Deriving contradiction from $a\Leftrightarrow\neg a$ Recently I've been trying to prove some things by strictly following deduction rules. I've been trying to derive incononsistency from unrestricted comprehension axiom via Russell's paradox. I have reached the point where we have $a\Leftrightarrow\neg a$, where $a:=R\in R$. However, I'm not quite sure how to follow from here - to show that this is inconsistent, I need to show, for some $b$, to derive both $b$ and $\neg b$. I can guess that $b=a$ in this case. One could try to do something of sort "assume $a$ and derive $\neg a$, and vice versa", but this doesn't show both of these true - it shows that neither is true.
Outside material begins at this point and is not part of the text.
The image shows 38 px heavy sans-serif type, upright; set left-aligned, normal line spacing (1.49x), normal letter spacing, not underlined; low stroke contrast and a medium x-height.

To specify my question: given $a\Leftrightarrow\neg a$, now to derive $a$ using formal inference rules?
 A: Reductio ad absurdum gives $(a\Rightarrow \neg a)\Rightarrow \neg a$. And so forth,
$(a\Leftrightarrow \neg a)\Rightarrow (\neg a\Rightarrow a)$
$( \neg a\Rightarrow a)\Rightarrow a$, due to reductio ad absurdum.
A: Adding a bit more detail to Lehs' response...
Prove $\neg a$:
Suppose to the contrary $a$. Then we must have $\neg a$ and we obtain the contradiction $a\land \neg a$. Therefore, we have $\neg a$.
Prove $a$:
Suppose to the contrary $\neg a$. Then we must have $a$ and we obtain the contradiction $a\land \neg a$. Therefore, we have $\neg\neg a$, or $a$.
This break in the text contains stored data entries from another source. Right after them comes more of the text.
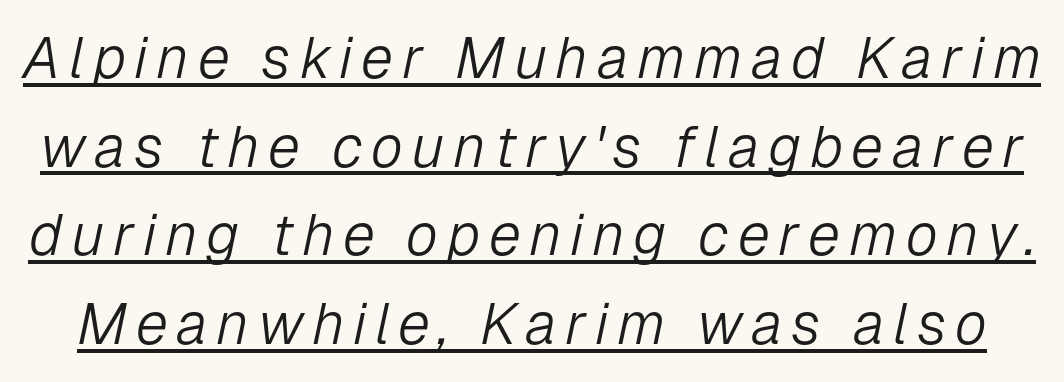
Q: Is the text bold? A: No.
Q: Is the text italic (slanted)? A: Yes, it leans right by about 12 degrees.
Q: Is the text underlined? A: Yes.
Q: Is the spacing between lines tight, normal or loose? A: Normal.
Q: Width (condensed, normal, or wide)? A: Normal.
Q: Stroke contrast? A: Low.
Q: x-height? A: Medium.
Q: Monospaced? A: No.

As required, we have $a \land \neg a$.
A: This answer is just to remark that deducing a contradiction from $a\leftrightarrow\lnot a$ (which is short for $(a\to\lnot a)\land(\lnot a\to a)$) can be done using constructive (or intuitionistic) logic only, that is without using the excluded middle (or equivalently $\lnot\lnot a\to a$). The excluded middle would give, without any hypothesis, $a\lor\lnot a$, and together with $a\leftrightarrow\lnot a$ this easily gives a contradiction (consider both cases). But one does not need to proceed that way, nor use a proof by contradiction. The Russell paradox is valid constructively.
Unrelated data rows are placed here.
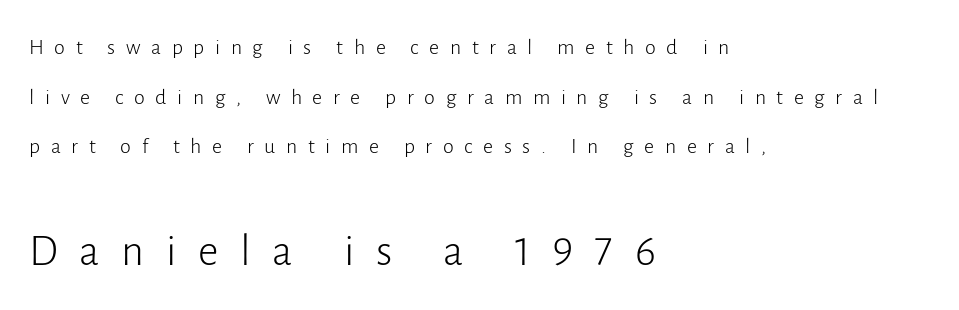
Q: Is the text bold? A: No.
Q: Is the text italic (slanted)? A: No, it is upright.
Q: Is the typeface a serif or a sans-serif typeface? A: Sans-serif.
Q: Is the text underlined? A: No.
Q: How is the paragraph aligned? A: Left-aligned.
Q: Is the spacing between letters normal or unusually wide? A: Unusually wide.
Q: Is the spacing between lines tight, normal or loose? A: Loose.
Q: Which block of text is set in a larger size, the first (top) or the second (bottom)? A: The second (bottom) one.
Q: Width (condensed, normal, or wide)? A: Normal.
Q: Stroke contrast? A: Low.
Q: x-height? A: Medium.
Q: Monospaced? A: No.

Note that in constructive logic $\lnot a$ is an abbreviation for $a\to\bot$, so it is allowed to prove $\lnot a$ by assuming $a$ and deriving a contradiction; this is basically the only way to prove $\lnot a$, and not a proof by contradiction. What is not allowed is proving $a$ by assuming $\lnot a$ and deriving a contradiction; that would only prove $\lnot\lnot a$.
Assume $H_1:a\to\lnot a$ and $H_2:\lnot a\to a$. First prove $\lnot a$ as follows: [assume $a$; with $H_1$ modus ponens gives $\lnot a$ which means $a\to\bot$; now with assumption $a$ again and modus ponens one gets $\bot$ as desired]; we have proved $\lnot a$. With this result and $H_2$, modus ponens gives $a$, and now with the result $\lnot a$ again, modus ponens leads to$~\bot$. This shows that $H_1\land H_2\to\bot$